Since 1970, it sure is a good thing that defense spending as a percentage of the GDP has trended down substantially and that non-defense discretionary spending has come down a bit, because entitlement spending has climbed prodigiously.  Entitlement spending has no constitutional basis and no basis in the legitimate function of government as defined in the Declaration of Independence.  It is generally funded by the theft of the fruits of the productive work of Americans so that it can be rerouted to those favored politically by those who lust for the power to distribute the money.  This huge expansion of entitlement spending makes the so-called beneficiaries dependent upon the government, which suits the government just fine.

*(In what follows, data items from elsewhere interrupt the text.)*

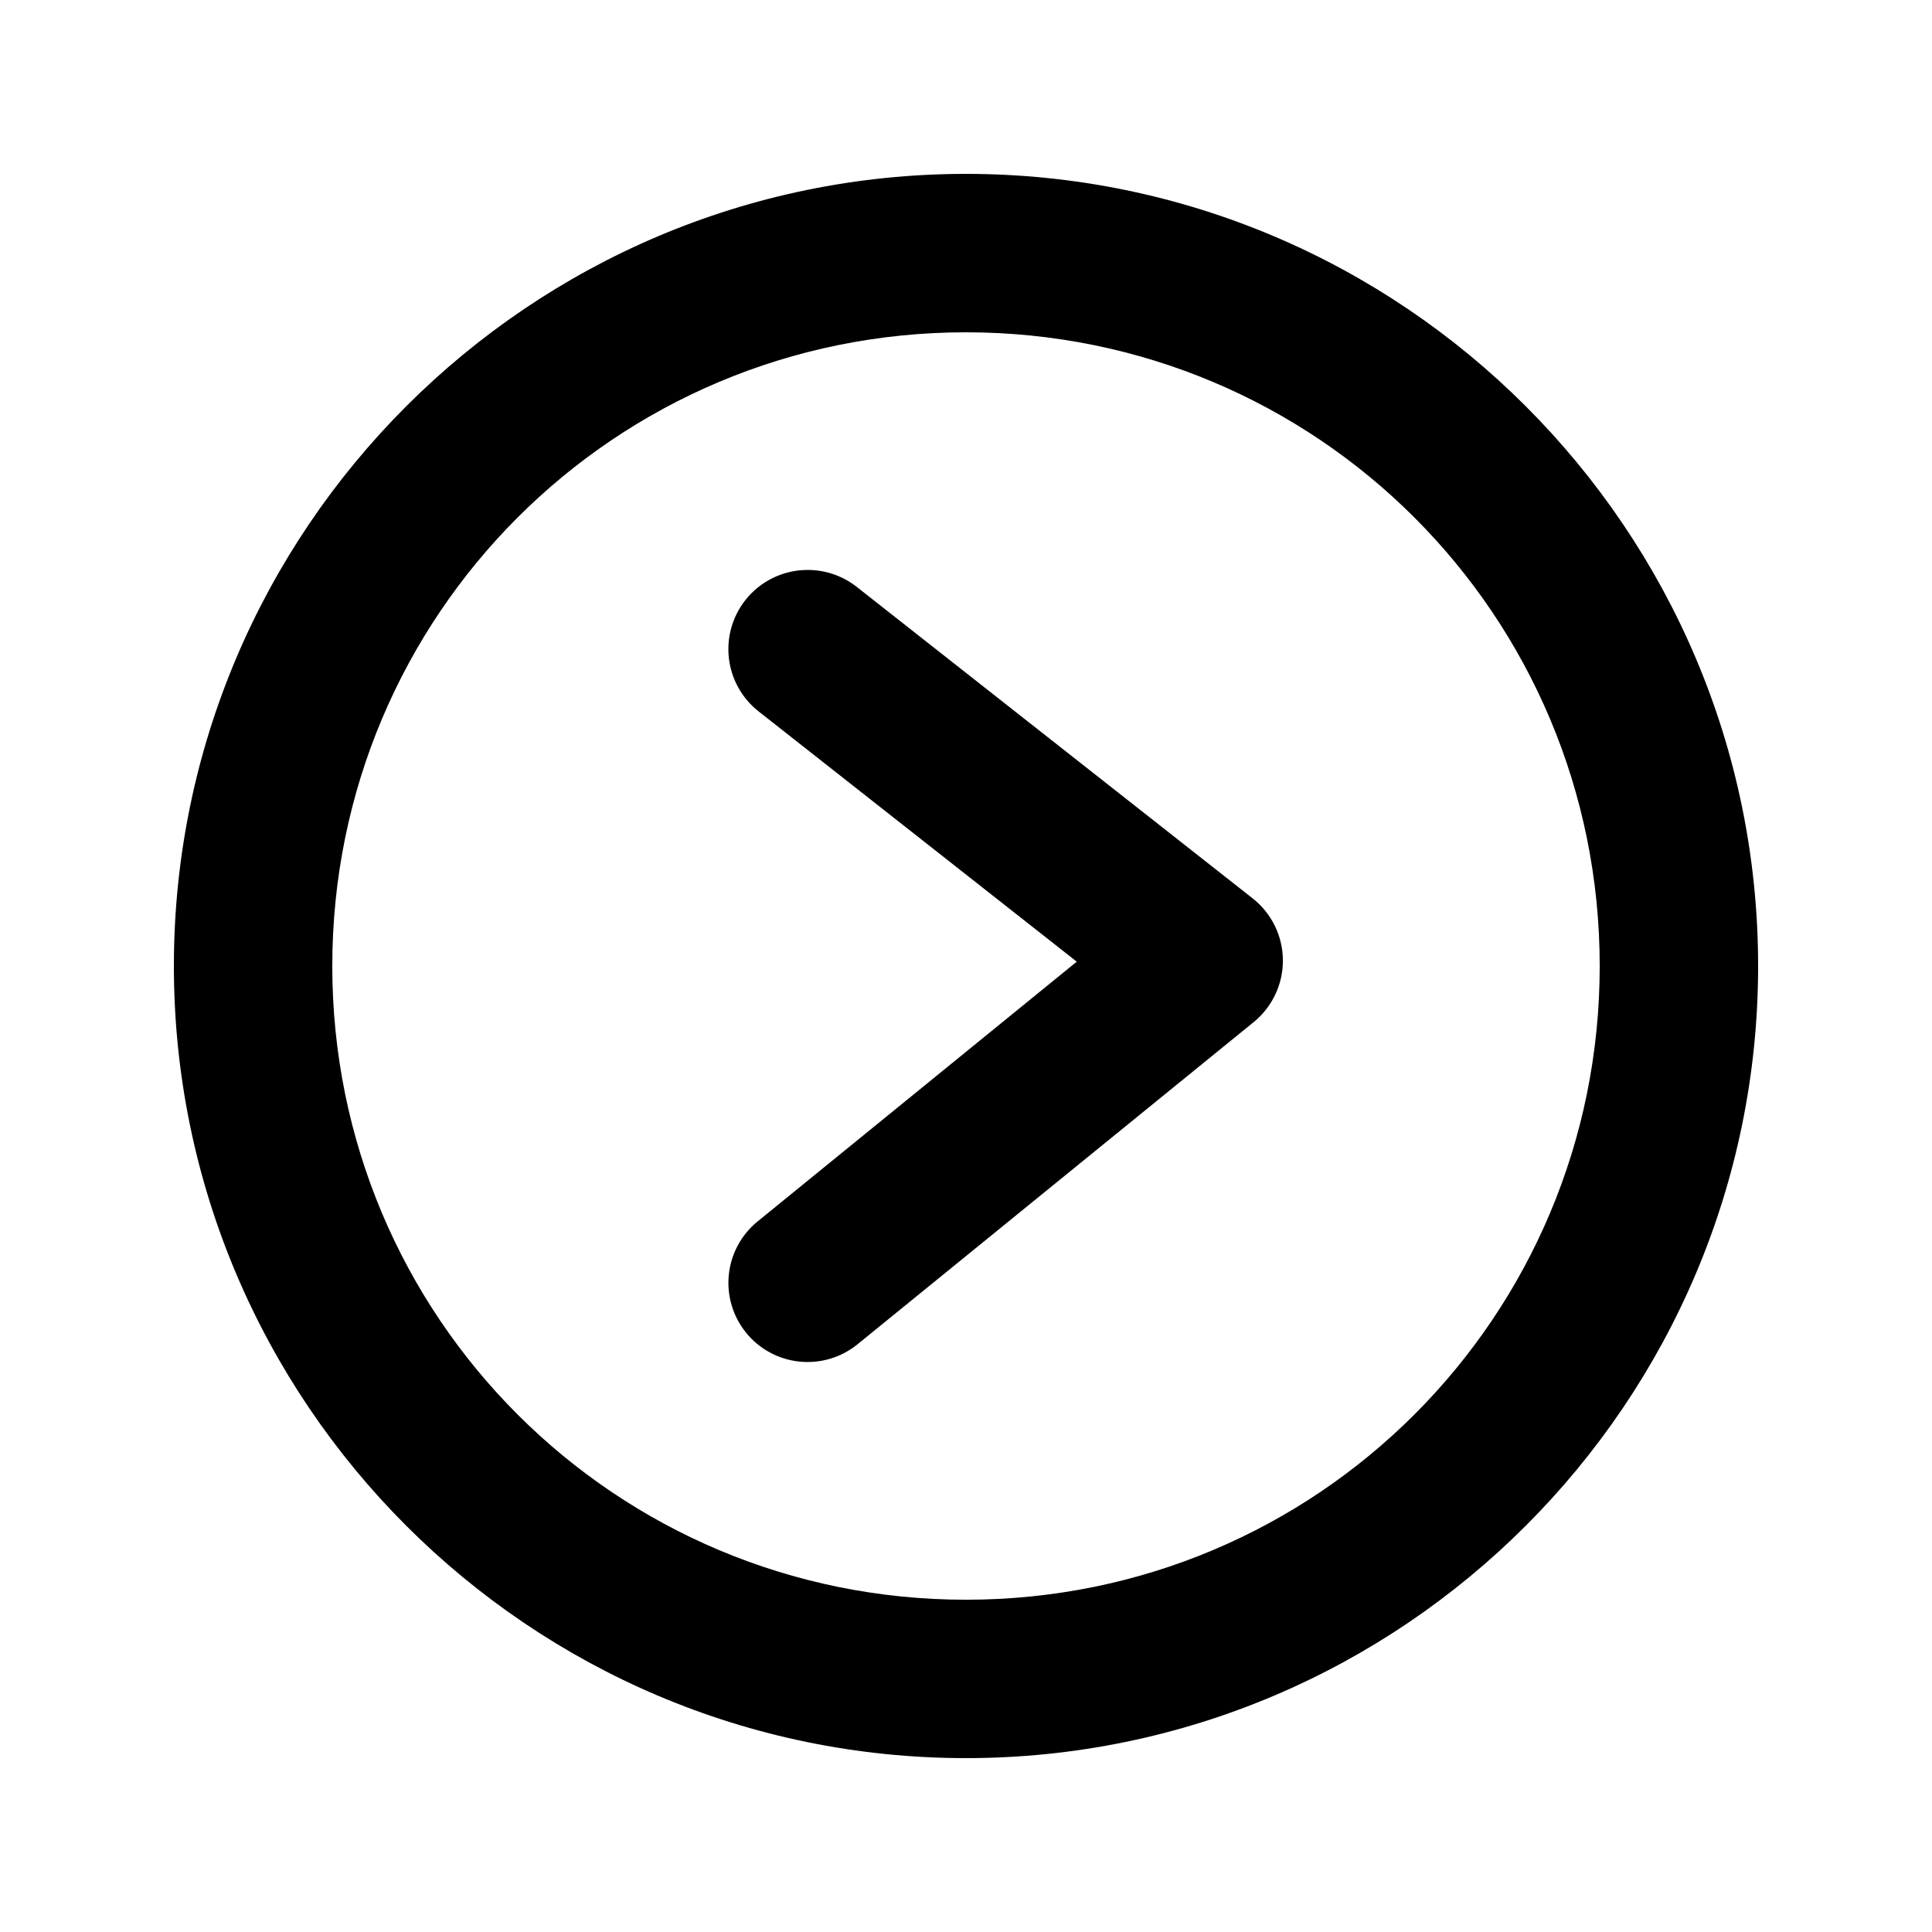 <?xml version="1.0" encoding="UTF-8"?>
<!-- Uploaded to: SVG Find, www.svgrepo.com, Generator: SVG Find Mixer Tools -->
<svg fill="#000000" width="800px" height="800px" version="1.1" viewBox="144 144 512 512" xmlns="http://www.w3.org/2000/svg">
 <g>
  <path d="m400 190.08c-115.69 0-209.92 94.234-209.92 209.92s94.234 209.92 209.92 209.92 209.92-94.234 209.92-209.92-94.234-209.92-209.92-209.92zm0 41.984c92.996 0 167.94 74.938 167.94 167.94 0 92.996-74.938 167.94-167.94 167.94-92.996 0-167.94-74.938-167.94-167.94 0-92.996 74.938-167.94 167.94-167.94z"/>
  <path d="m357.89 295.04c-6.383 0.039-12.406 2.981-16.359 7.992-3.445 4.375-5.016 9.934-4.359 15.465 0.652 5.527 3.473 10.57 7.844 14.016l84.336 66.34-84.582 68.84c-4.312 3.512-7.059 8.594-7.625 14.129-0.57 5.535 1.082 11.07 4.594 15.391 3.512 4.312 8.594 7.059 14.133 7.625 5.535 0.57 11.07-1.082 15.387-4.594l104.96-85.363v0.004c4.953-4.023 7.812-10.078 7.762-16.461-0.047-6.383-2.992-12.395-8.008-16.34l-104.96-82.574c-3.742-2.934-8.367-4.508-13.121-4.469z"/>
 </g>
</svg>

An appreciation of the degree to which our government has become one dominated by special interests would not be realistic if we did not acknowledge the huge increase in federal subsidy programs shown above.


This final graph is the number of pages in the Federal Register from Wayne Crews' Ten Thousand Commandments 2016 report from the Competitive Enterprise Institute. In the 1940s and the 1950s the total number of pages of final regulations in the Federal Register for the decade were running at about 110,00 pages a decade.  In the decade from 2001 -2010 the number of pages had grown to 730,176.  Presumably, the government considers it our duty to have read all of these regulations so that we might abide by them.  Did you do your government mandated duty?  Remember, ignorance is no defense for violating the law or any regulation.  More and more of the binding regulations or the interpretation of the regulations can only be found in court proceedings or in website announcements of the thousands of government regulatory agencies, which the government itself cannot enumerate. Good luck you lost, ignorant soul if the government decides to come after you.  Do you trust the likes of Obama, Hillary, or The Donald not to do so?

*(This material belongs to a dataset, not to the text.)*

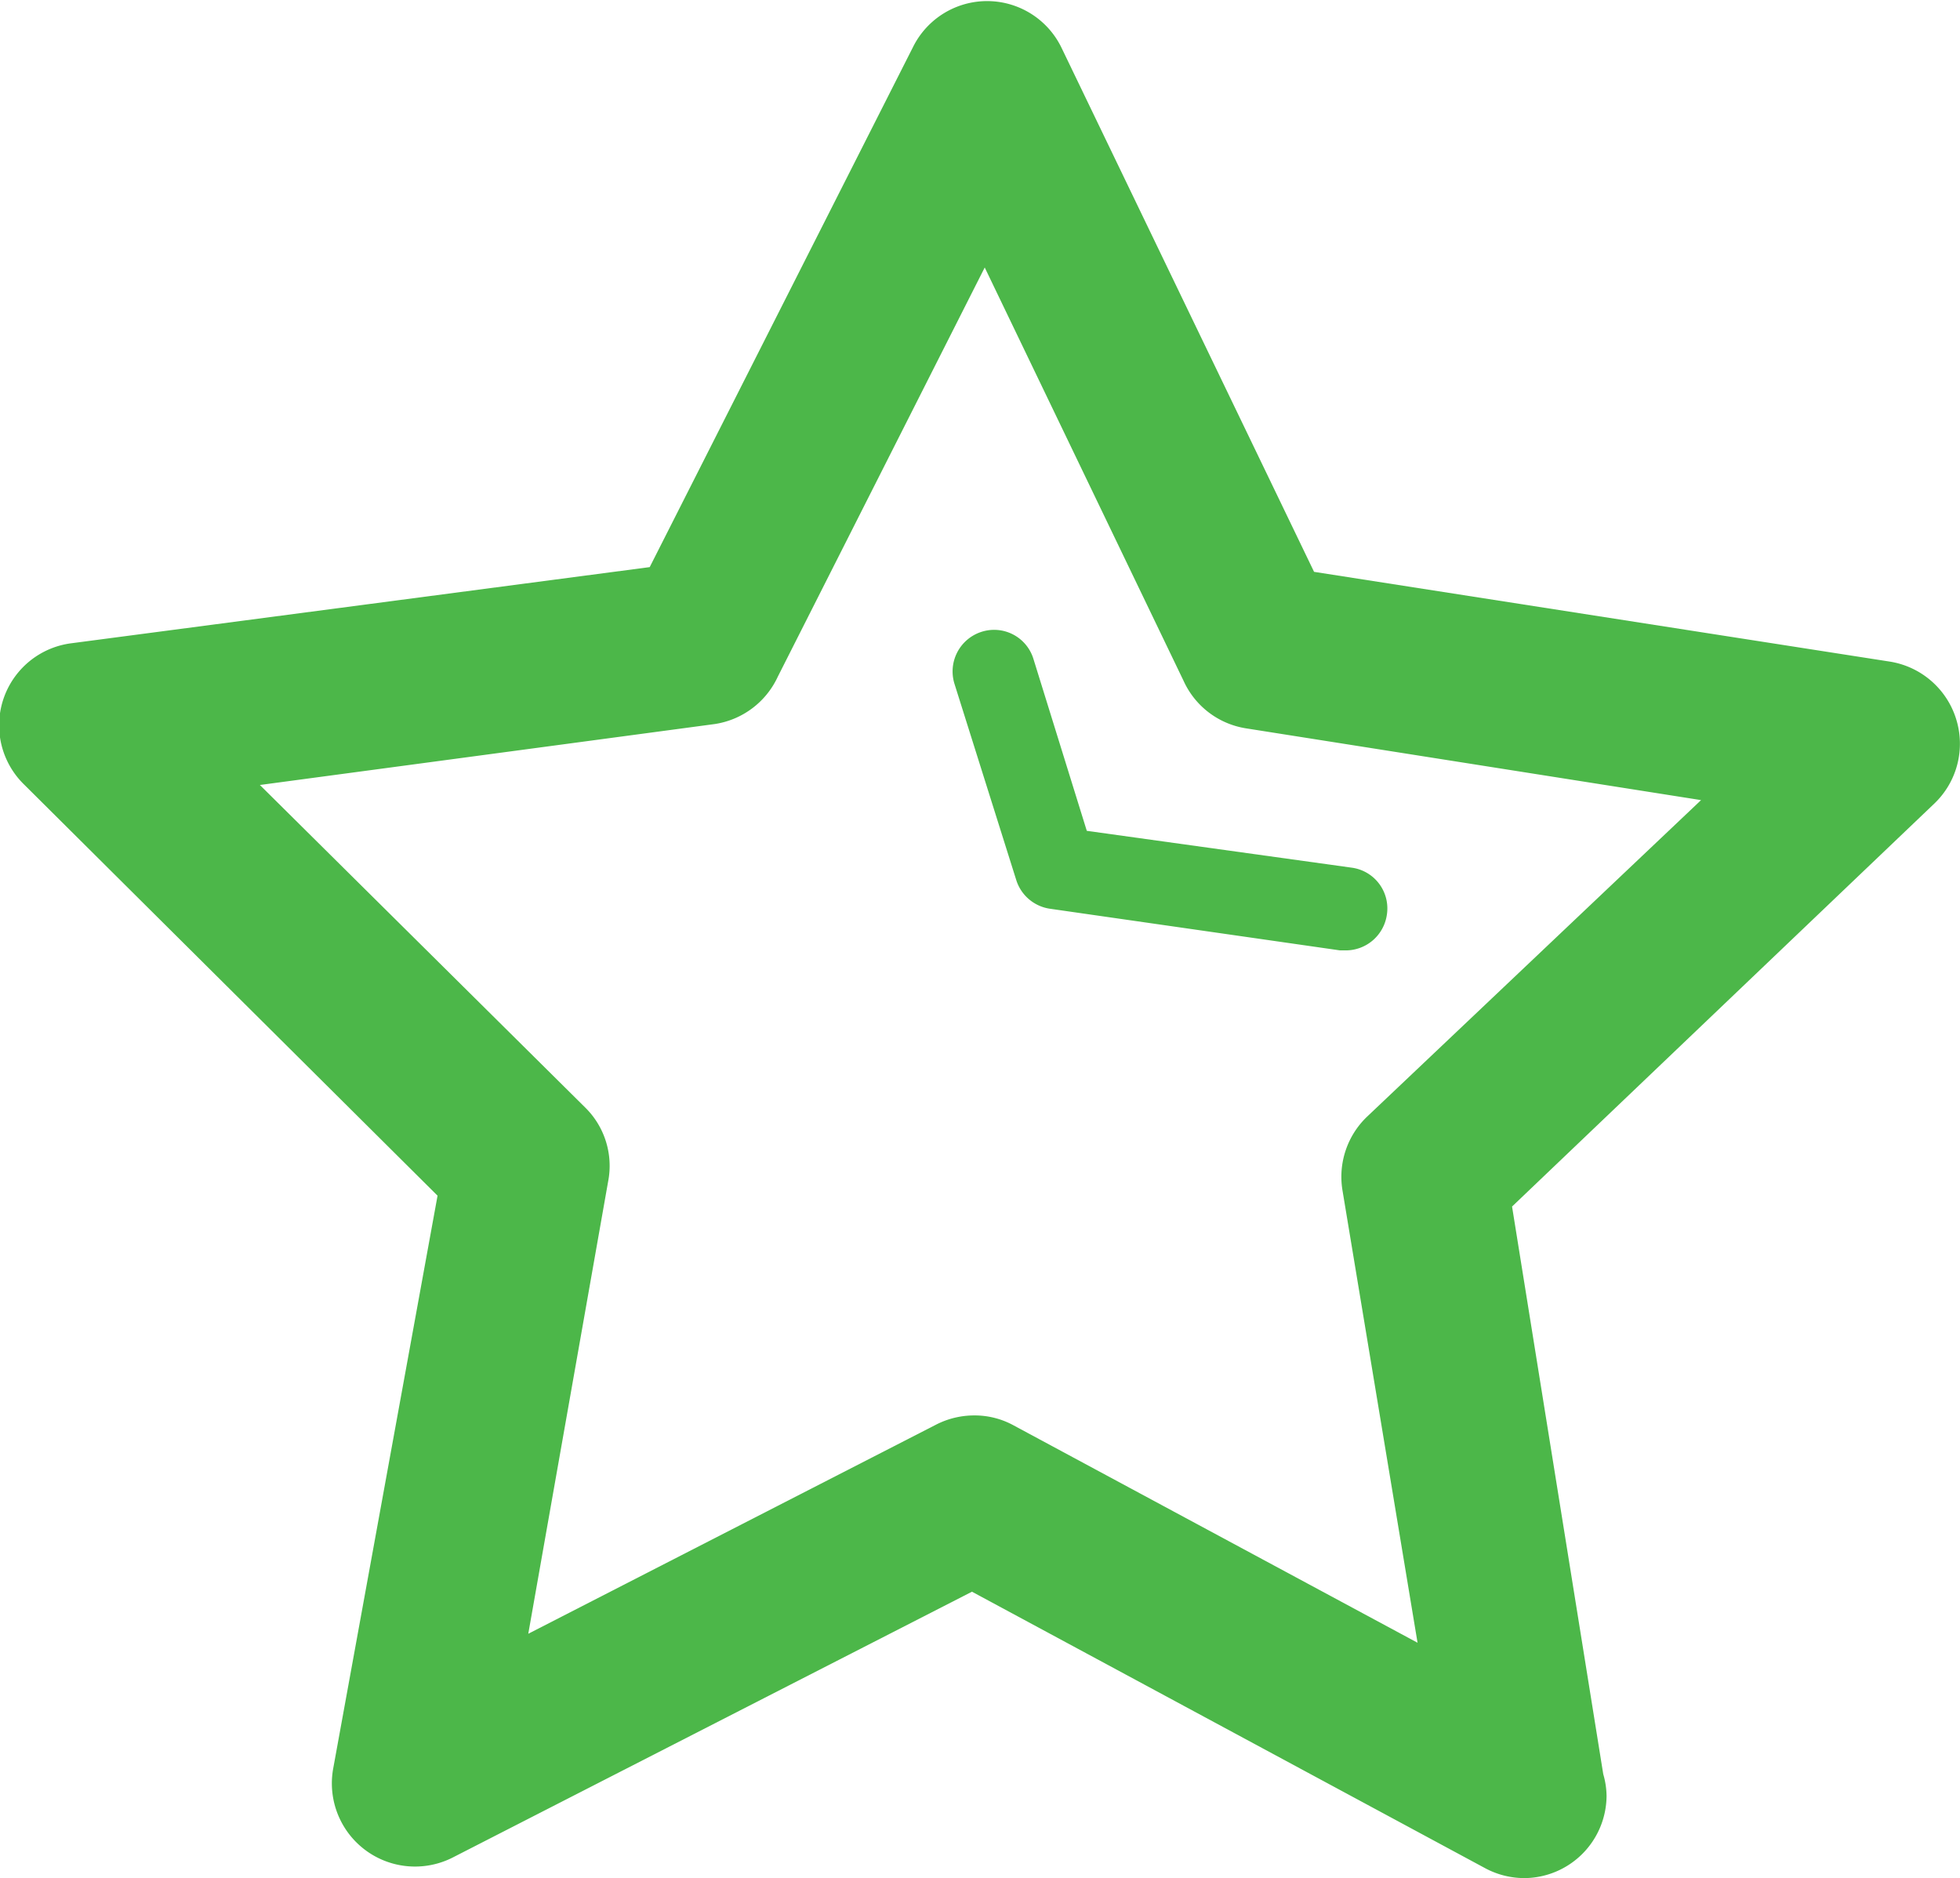 <svg xmlns="http://www.w3.org/2000/svg" viewBox="0 0 41.48 39.74"><defs><style>.cls-1{fill:#4cb749;}</style></defs><g id="Layer_2" data-name="Layer 2"><g id="Layer_1-2" data-name="Layer 1"><path class="cls-1" d="M21.87,13.94a.87.87,0,0,0-1.1-.57.88.88,0,0,0-.57,1.1l1.31,4.16a.88.88,0,0,0,.72.6l6.13.88h.12a.88.88,0,0,0,.87-.75.87.87,0,0,0-.74-1L23,17.58ZM41.4,15.22A1.76,1.76,0,0,0,40,14l-12.19-1.9L22.46,1a1.75,1.75,0,0,0-3.14,0L13.75,12,1.52,13.61a1.75,1.75,0,0,0-1,3L9.26,25.3,7.05,37.43a1.76,1.76,0,0,0,2.52,1.88l11-5.63,10.86,5.85a1.76,1.76,0,0,0,.83.21h0A1.75,1.75,0,0,0,34,38a1.7,1.7,0,0,0-.07-.46L32,25.53,40.94,17A1.75,1.75,0,0,0,41.4,15.22ZM28.93,23.63a1.76,1.76,0,0,0-.52,1.55L30,34.76l-8.55-4.6a1.71,1.71,0,0,0-.83-.21,1.77,1.77,0,0,0-.8.19l-8.64,4.43L12.87,25a1.73,1.73,0,0,0-.48-1.56L5.5,16.61l9.63-1.29a1.76,1.76,0,0,0,1.33-1l4.38-8.66,4.21,8.75a1.75,1.75,0,0,0,1.31,1L36,16.93Z"/></g></g></svg>

Oh that we might be free!  It would be incredibly wonderful to celebrate the 4th of July as a free man.
It would be a joy to be among free men who had maintained the principles of freedom set forth in the Declaration of Independence and then largely implemented in the Constitution of 1787 and the Bill of Rights in 1791.  To live in a society based on the free trade of values in a rich and robust private sector rather than one dominated by the forceful taking of wealth and service by governments would be to live in a genuinely life-sustaining society.  It is not possible to imagine how much our standard of living would be improved with the flowering of productivity, creativity, justice, and benevolence one would find in such a society.